Question

Calcium carbonate decomposes on heating to give calcium oxide and carbon dioxide. How much volume of $C{O_2}$ will be obtained at STP by thermal decomposition of 50 g of $CaC{O_3}$ ?
A.1L
B.11.2L
C.44L
D.22.4L

Answer 1

Hint: To solve this question, we shall first write a balanced equation of the reaction. We shall then find the amount of $CaC{O_3}$ reacting in moles, which will also give us the amount of $C{O_2}$ formed. From here, we can calculate the volume of gas from the ideal gas equation at STP.

Formula used: $n = \dfrac{w}{{{M_0}}}$ (Eq1)
where n is number of moles, w is the weight of the compound and ${M_0}$ is the molecular weight of the compound.
$PV = nRT$ (Eq2)
where P is pressure of the gas, V is volume of the gas, n is the number of moles of gas, R is a constant ($0.0821{\text{ }}atm{\text{ }}L{\text{ }}{K^{ - 1}}mo{l^{ - 1}}$) and T is the temperature.
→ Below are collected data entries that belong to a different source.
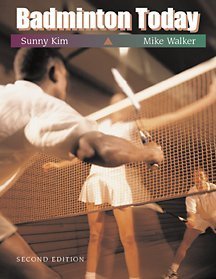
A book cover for Badminton Today (Wadsworth Health Fitness); Sunny Kim; Sports & Outdoors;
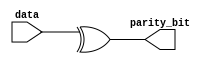
module parity_bit_generator(
    input [7:0] data,
    output parity_bit
);
    assign parity_bit = ^data; // XOR all bits of data for even parity
endmodule

Complete step by step answer:
From the question, we know that calcium carbonate on heating forms calcium oxide and carbon dioxide. The balanced equation of this reaction will be as follows:
$CaC{O_3} \to CaO + C{O_2}$ (Eq. 3)
Now, we find the moles of $CaC{O_3}$ present:
Let the number of moles of $CaC{O_3}$ be ${n_{CaC{O_3}}}$ and ${M_0}$ of $CaC{O_3}$ is 100 g/mol.
Putting the values in Eq. 1, we get:
${n_{CaC{O_3}}} = \dfrac{{50}}{{100}}$
$ \Rightarrow {n_{CaC{O_3}}} = 0.5$
So, from Eq. 3, using stoichiometry, we can conclude that the number of moles of $CaC{O_3}$ is equal to the number of moles of $C{O_2}$.
$ \Rightarrow {n_{C{O_2}}} = 0.5$
Now, we shall calculate the volume of $C{O_2}$ present using the ideal gas equation, i.e. Eq. 2:
At STP, P=1 atm and T=273 K.
Putting these values in Eq. 2, we get:
$ \Rightarrow V = \dfrac{{0.5 \times 0.0821 \times 273}}{1}$
$ \Rightarrow V = 11.2L$

$\therefore $ The correct option is option B, i.e. 11.2L. .

Note:
The volume of an ideal gas at STP can also be easily calculated from the simplified gas equation: $V = n \times 22.4$ . So, according to the question, we found that $n = 0.5$.
Substituting the value of n in $V = n \times 22.4$, we get:
$ \Rightarrow V = 0.5 \times 22.4$
$ \Rightarrow V = 11.2L$